Because the associated claims are ''paid" with a goose egg, doctors are not alerted to the fact that the associated claims have been effectively denied, Athenahealth executives said.

In some cases, the discounts may not comply with a physician's contract with the insurance company, and Athenahealth can appeal and win more money for the doctor, said Todd Park, chief development officer, who cofounded Athenahealth nine years ago with Bush.

Because disagreements over bills are reduced, the systems cut down on bills unfairly sent to patients, Park added. ''As a patient, you don't get caught in a firefight between the physician and the insurance company."

Tracking claims, submitting forms multiple times, and trying to learn why claims have been rejected are tasks that consume enormous amounts of time and are a major cost and drag on the healthcare economy, said James L. Heffernan, chief financial officer for the Massachusetts General Physicians Organization, which has 1,700 physicians and is the largest group practice in New England.

He estimated that 9 to 13 percent of the group's operating expenses are related to insurance paperwork. That does not take into account the expense of handling claims multiple times at the insurance companies.

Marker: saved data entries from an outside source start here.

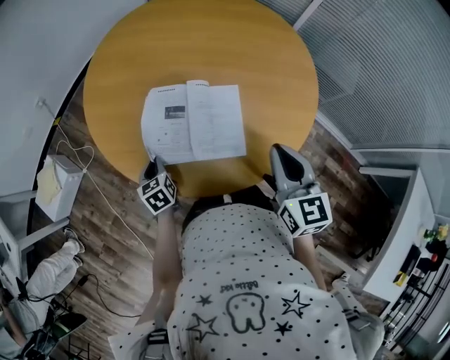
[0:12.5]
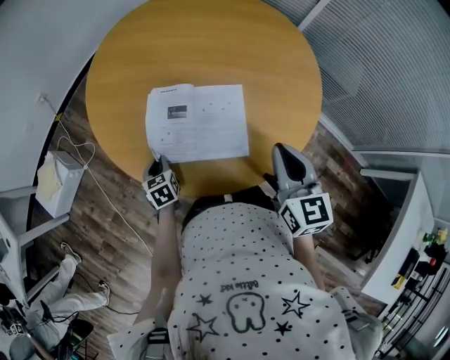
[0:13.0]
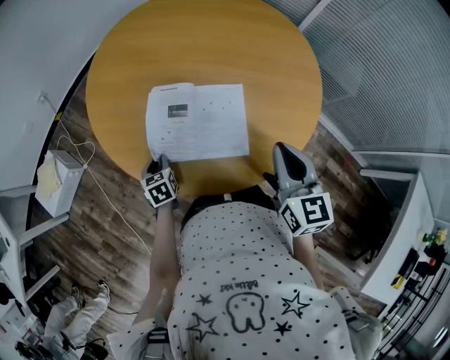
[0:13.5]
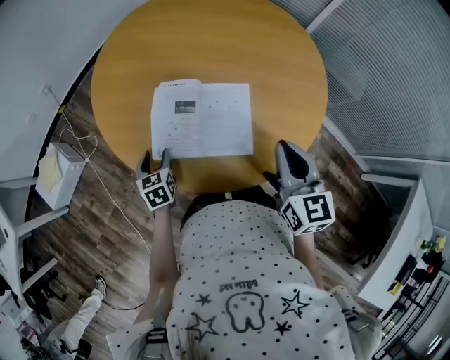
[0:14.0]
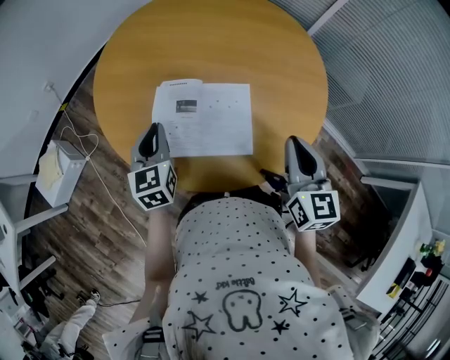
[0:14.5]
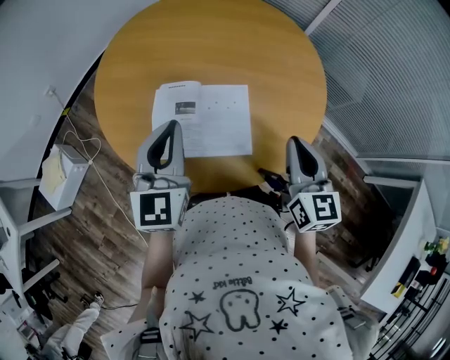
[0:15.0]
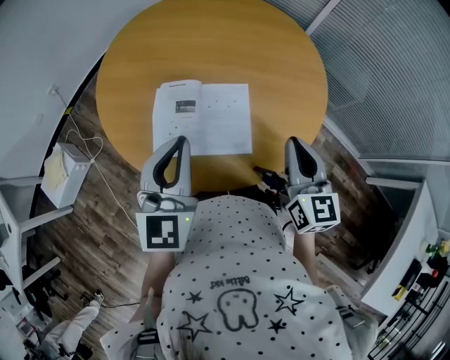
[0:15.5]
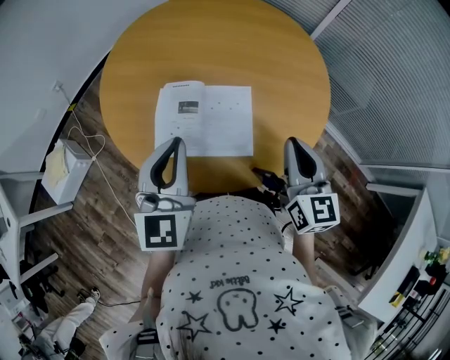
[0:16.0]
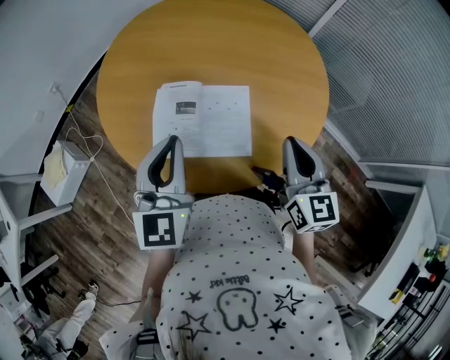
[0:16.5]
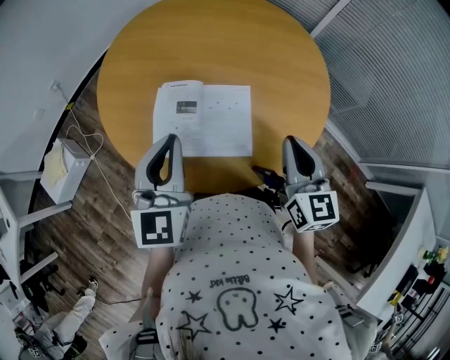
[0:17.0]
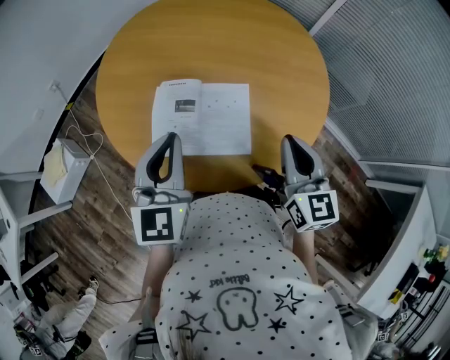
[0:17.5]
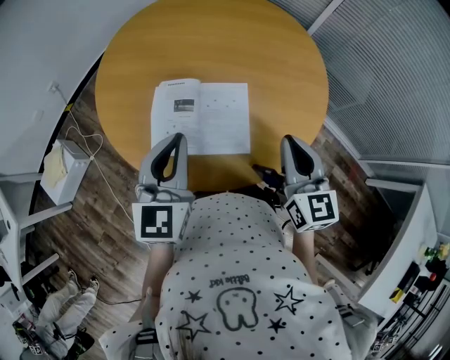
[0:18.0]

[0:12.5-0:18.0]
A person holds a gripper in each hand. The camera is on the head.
0:12.5 to 0:14.5: The left gripper is displaced upward by some 15 cm, swivels about 30 degrees, and opens, then closes again.
0:14.5 to 0:16.0: The left gripper shifts about 15 cm upward, to the right and backward, and changes its angle by roughly 20 degrees.
0:16.0 to 0:18.0: The grippers make only small movements.

The Mass. General physicians group gets about 88 percent of its claims paid on the first try, which is good for the healthcare industry, but would be unacceptable in virtually any other industry, Heffernan said.

Instead of wasting time and money on a computerized claims arms race, he said, insurance companies and providers' offices should agree on a transparent reimbursement system.

''It will be fantastic if we can get people to think about how we can take this cost out," he said.